(Stored items from a collection)
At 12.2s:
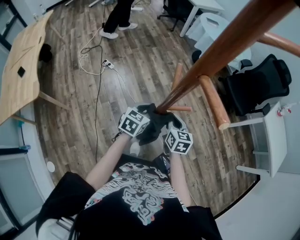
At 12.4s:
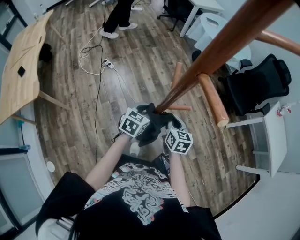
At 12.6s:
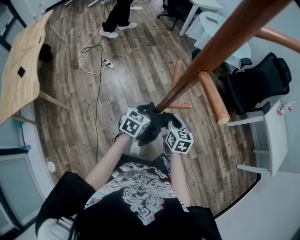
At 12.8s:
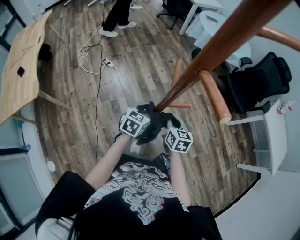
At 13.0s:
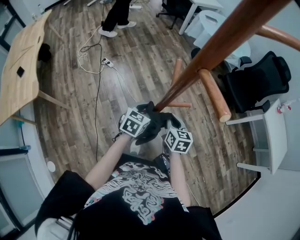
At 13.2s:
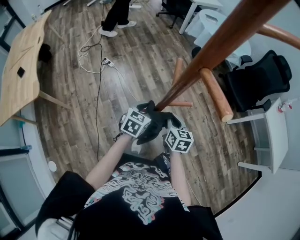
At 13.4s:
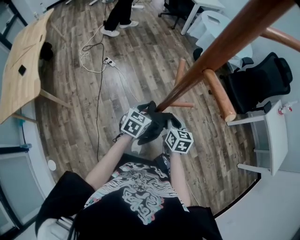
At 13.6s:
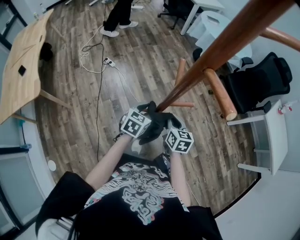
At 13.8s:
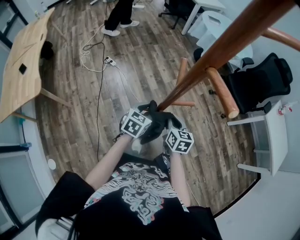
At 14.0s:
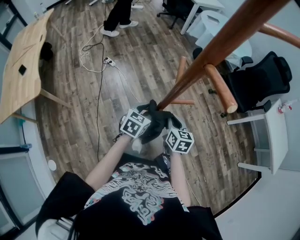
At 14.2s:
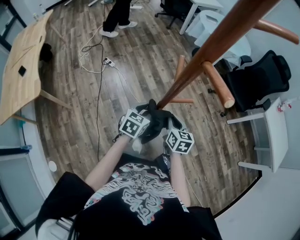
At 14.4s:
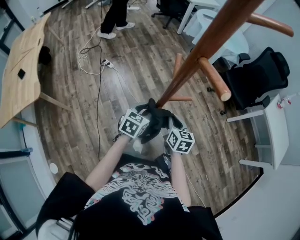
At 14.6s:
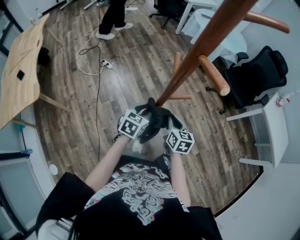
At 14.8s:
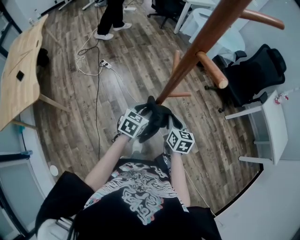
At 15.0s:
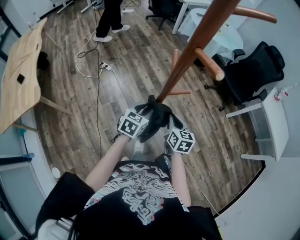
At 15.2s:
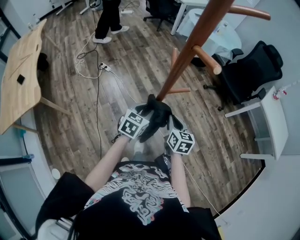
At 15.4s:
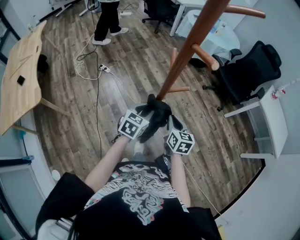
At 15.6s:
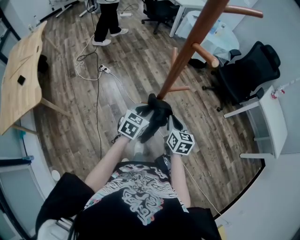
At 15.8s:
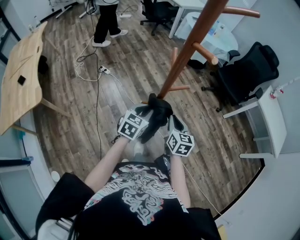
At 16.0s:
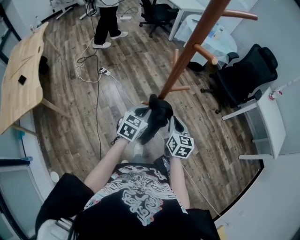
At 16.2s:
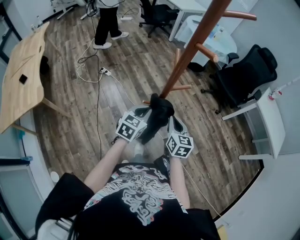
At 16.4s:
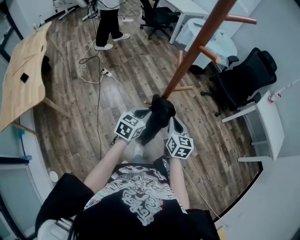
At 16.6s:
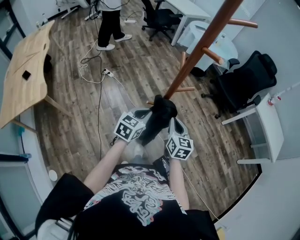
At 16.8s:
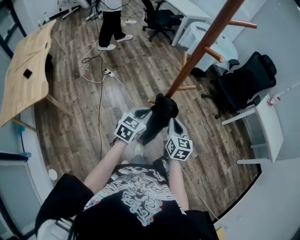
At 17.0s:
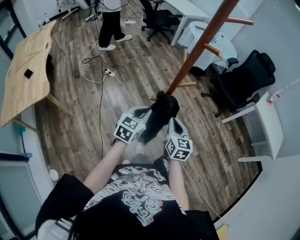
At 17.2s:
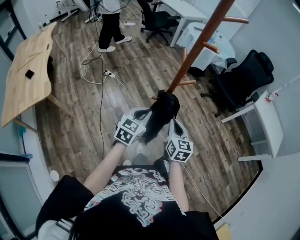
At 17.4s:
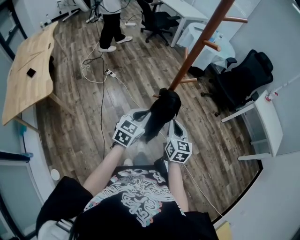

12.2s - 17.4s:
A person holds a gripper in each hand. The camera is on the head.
12.2s - 14.0s: The left gripper opens.
14.0s - 15.6s: Both grippers move backward, approximately 5 cm.
15.6s - 17.4s: The two grippers go roughly 15 cm backward and upward. The left gripper closes up.

→ **Action item**
Retype the entries above word for word, minus any images.

→ **Answer to the exercise**
At 12.2s:
At 12.4s:
At 12.6s:
At 12.8s:
At 13.0s:
At 13.2s:
At 13.4s:
At 13.6s:
At 13.8s:
At 14.0s:
At 14.2s:
At 14.4s:
At 14.6s:
At 14.8s:
At 15.0s:
At 15.2s:
At 15.4s:
At 15.6s:
At 15.8s:
At 16.0s:
At 16.2s:
At 16.4s:
At 16.6s:
At 16.8s:
At 17.0s:
At 17.2s:
At 17.4s:

12.2s - 17.4s:
A person holds a gripper in each hand. The camera is on the head.
12.2s - 14.0s: The left gripper opens.
14.0s - 15.6s: Both grippers move backward, approximately 5 cm.
15.6s - 17.4s: The two grippers go roughly 15 cm backward and upward. The left gripper closes up.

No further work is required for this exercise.